WORK INSTRUCTION: Every line below needs to be transcribed without alteration, and no image may be carried over.

MATERIAL FOR THIS EXERCISE:

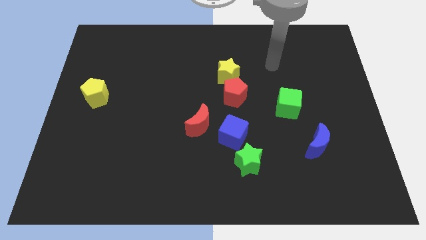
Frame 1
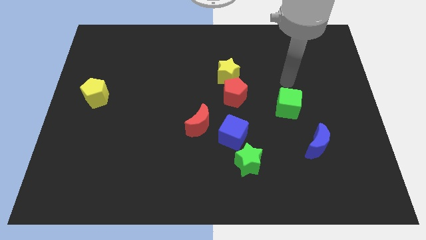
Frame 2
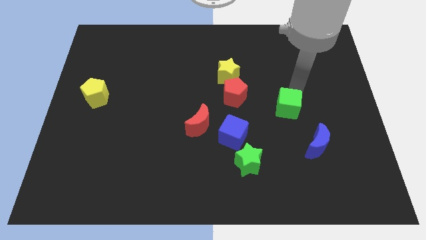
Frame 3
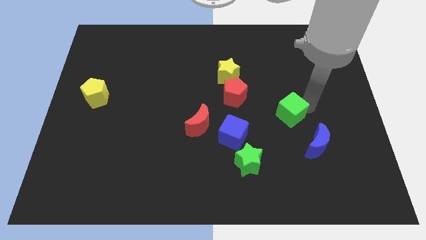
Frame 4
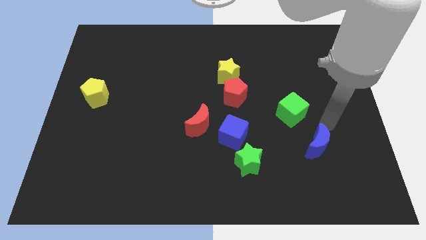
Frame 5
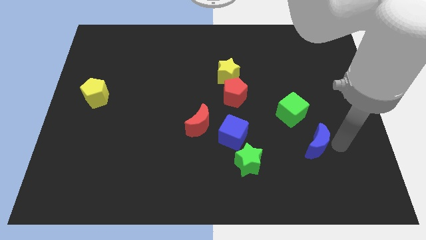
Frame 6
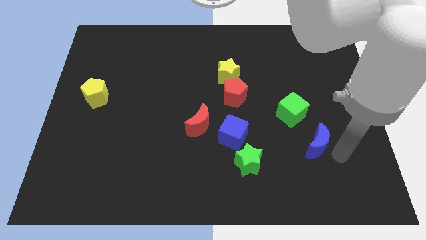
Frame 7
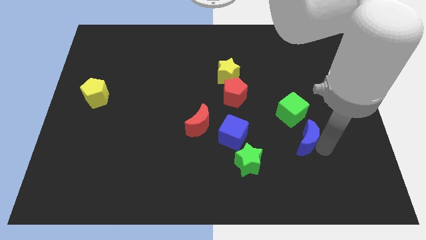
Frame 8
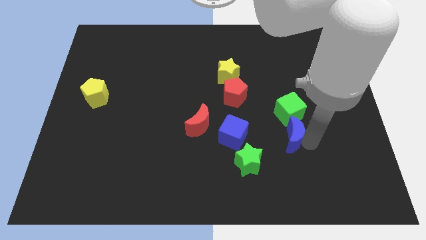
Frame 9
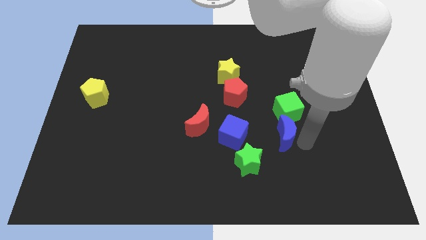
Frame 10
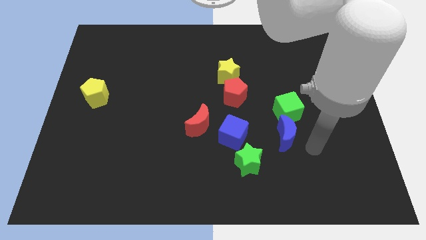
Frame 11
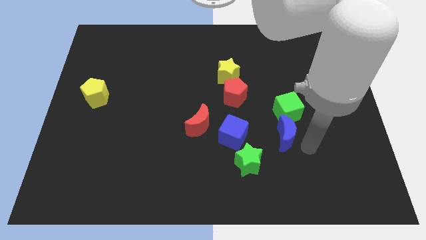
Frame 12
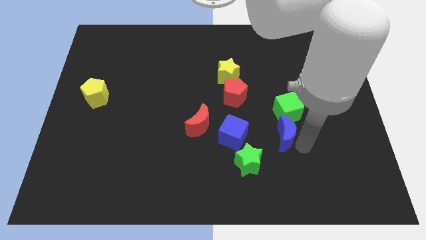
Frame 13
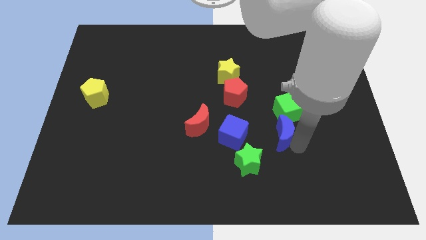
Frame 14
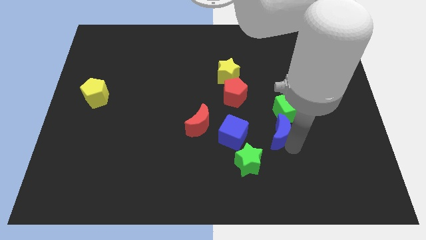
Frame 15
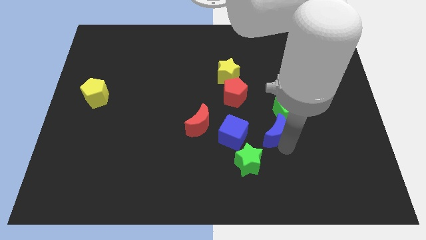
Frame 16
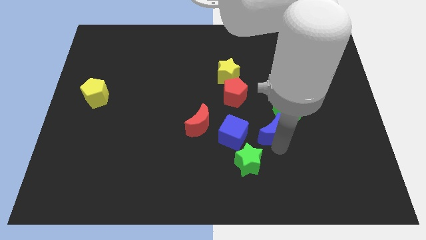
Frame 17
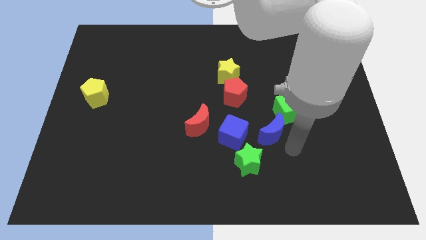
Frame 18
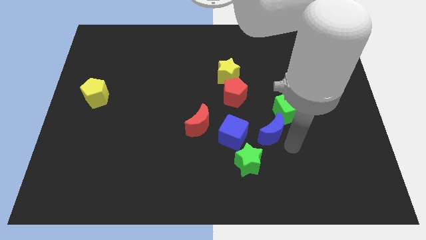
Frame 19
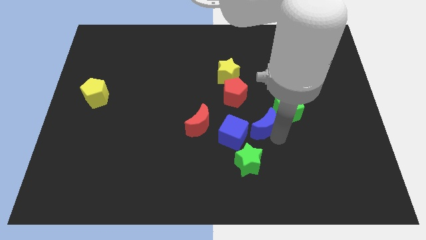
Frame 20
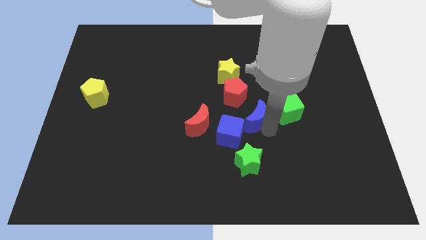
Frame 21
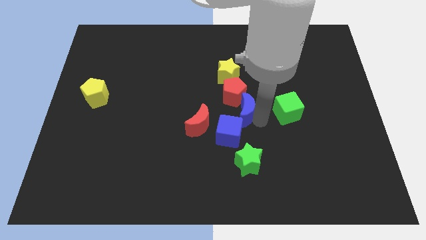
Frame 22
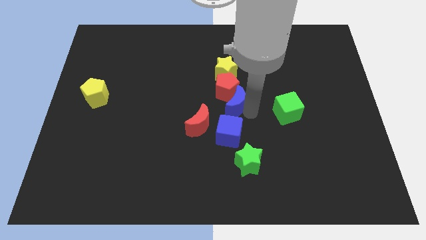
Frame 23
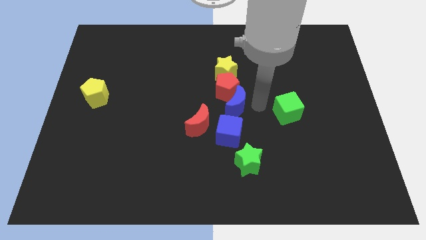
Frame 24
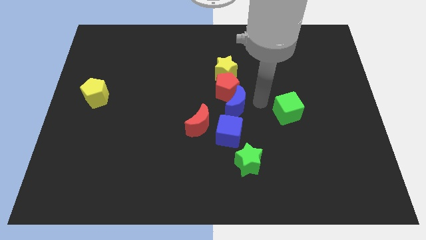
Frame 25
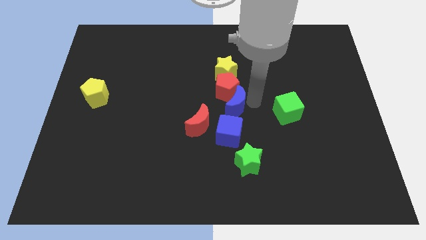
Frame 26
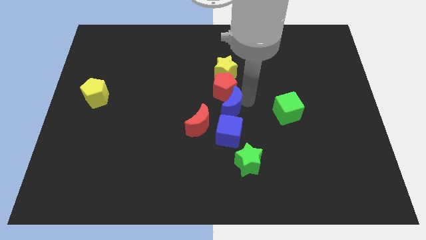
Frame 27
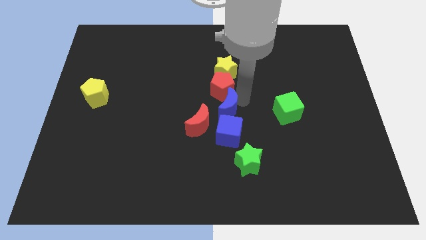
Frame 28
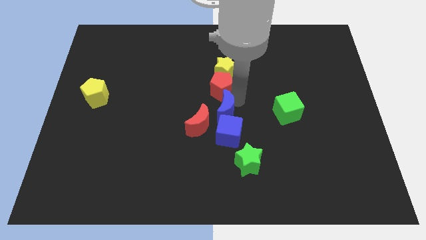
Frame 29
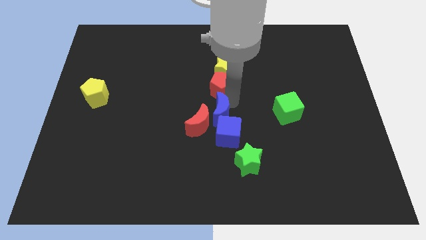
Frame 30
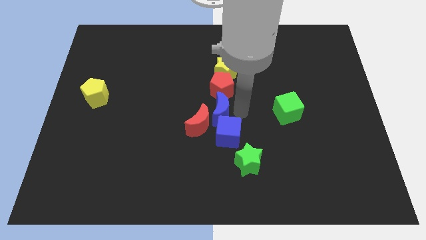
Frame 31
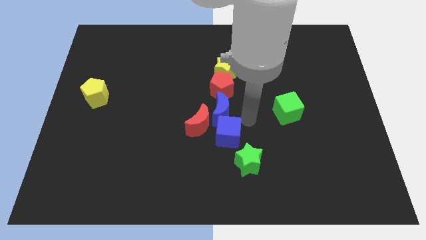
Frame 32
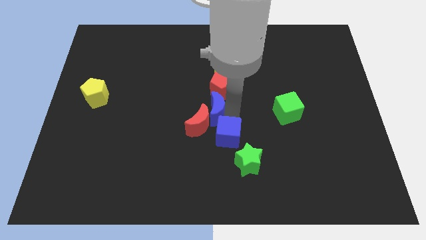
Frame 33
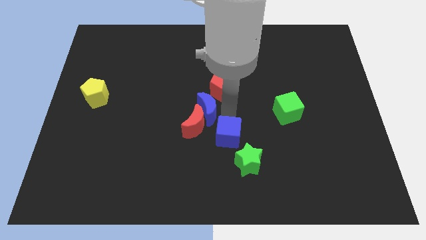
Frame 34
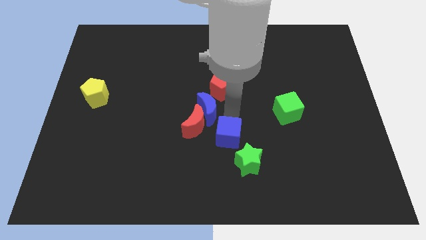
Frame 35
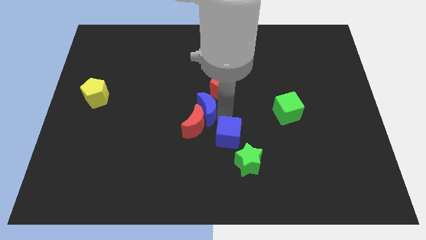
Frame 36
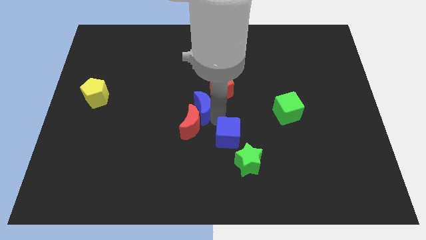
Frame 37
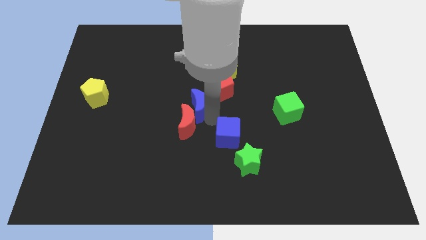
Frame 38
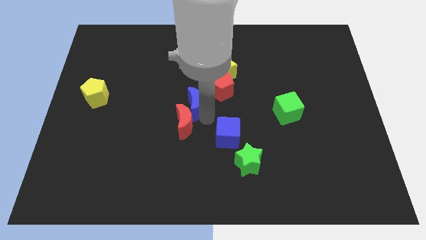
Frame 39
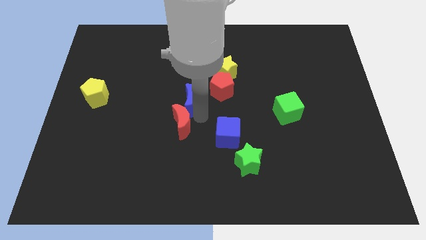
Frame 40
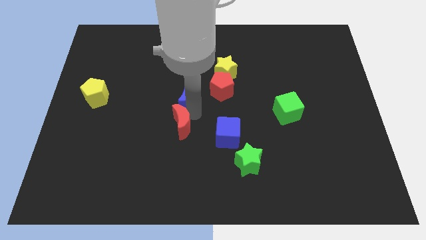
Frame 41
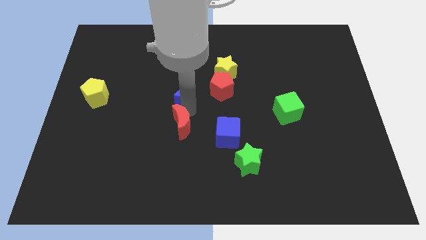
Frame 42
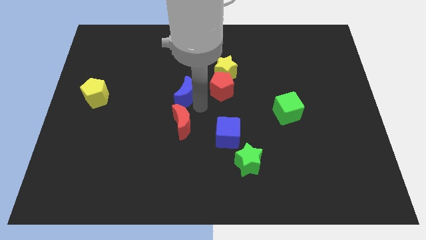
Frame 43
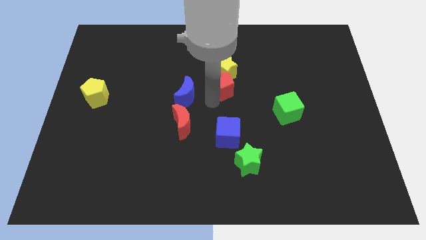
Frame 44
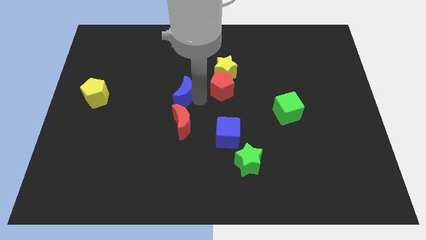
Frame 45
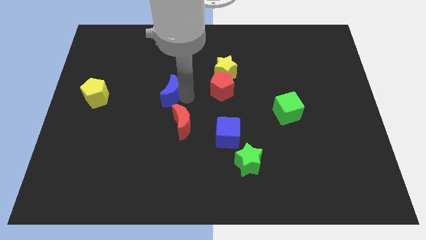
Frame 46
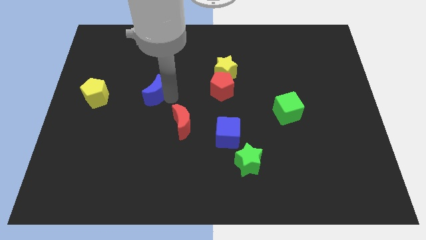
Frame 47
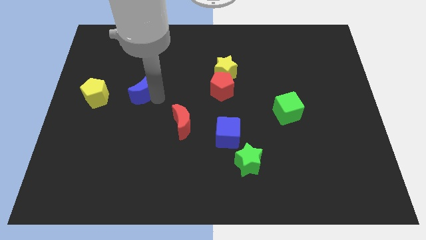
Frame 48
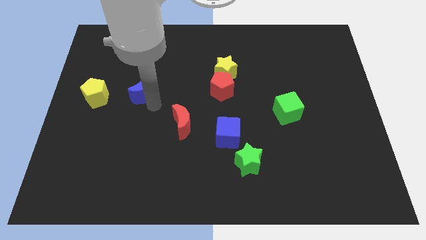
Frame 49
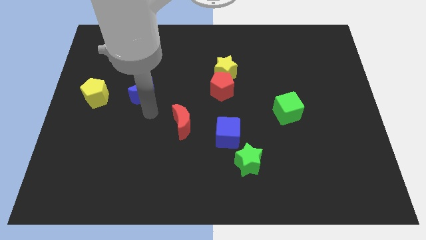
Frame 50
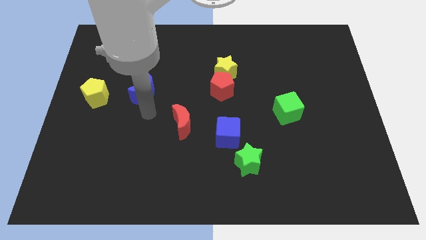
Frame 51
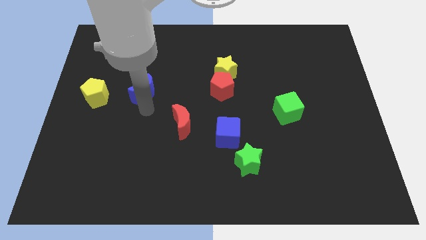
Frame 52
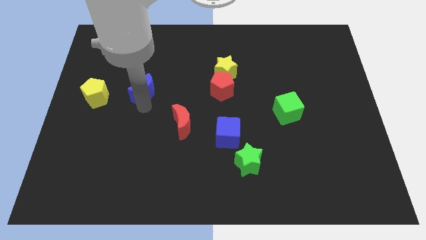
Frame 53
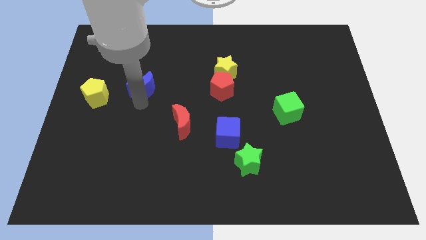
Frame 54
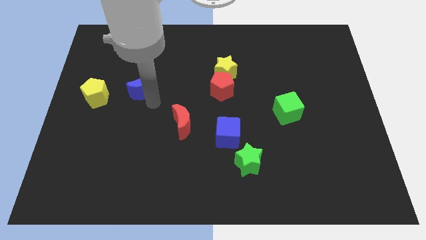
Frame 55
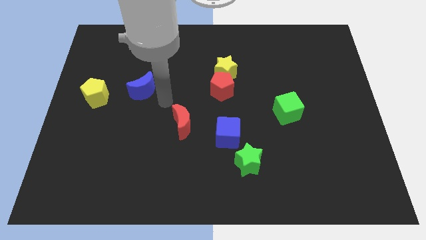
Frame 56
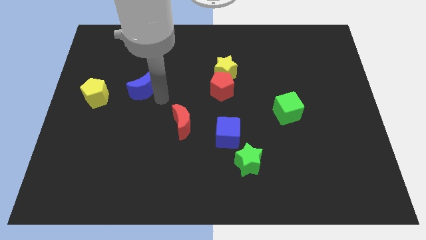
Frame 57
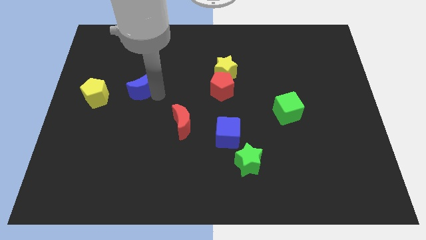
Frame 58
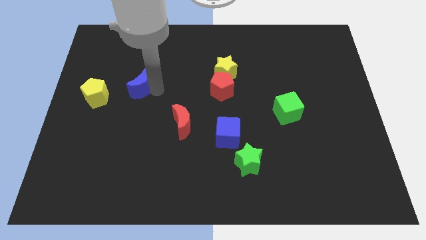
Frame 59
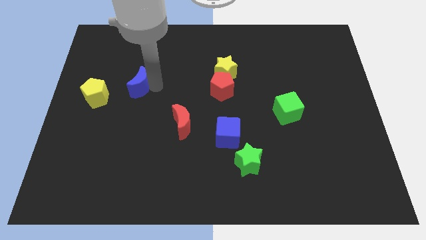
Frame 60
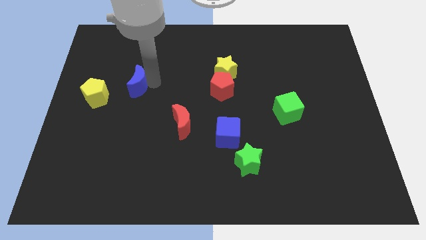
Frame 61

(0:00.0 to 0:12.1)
move the blue moon to the top right side of the yellow pentagon

RESPONSE AREA:
Frame 1
Frame 2
Frame 3
Frame 4
Frame 5
Frame 6
Frame 7
Frame 8
Frame 9
Frame 10
Frame 11
Frame 12
Frame 13
Frame 14
Frame 15
Frame 16
Frame 17
Frame 18
Frame 19
Frame 20
Frame 21
Frame 22
Frame 23
Frame 24
Frame 25
Frame 26
Frame 27
Frame 28
Frame 29
Frame 30
Frame 31
Frame 32
Frame 33
Frame 34
Frame 35
Frame 36
Frame 37
Frame 38
Frame 39
Frame 40
Frame 41
Frame 42
Frame 43
Frame 44
Frame 45
Frame 46
Frame 47
Frame 48
Frame 49
Frame 50
Frame 51
Frame 52
Frame 53
Frame 54
Frame 55
Frame 56
Frame 57
Frame 58
Frame 59
Frame 60
Frame 61

(0:00.0 to 0:12.1)
move the blue moon to the top right side of the yellow pentagon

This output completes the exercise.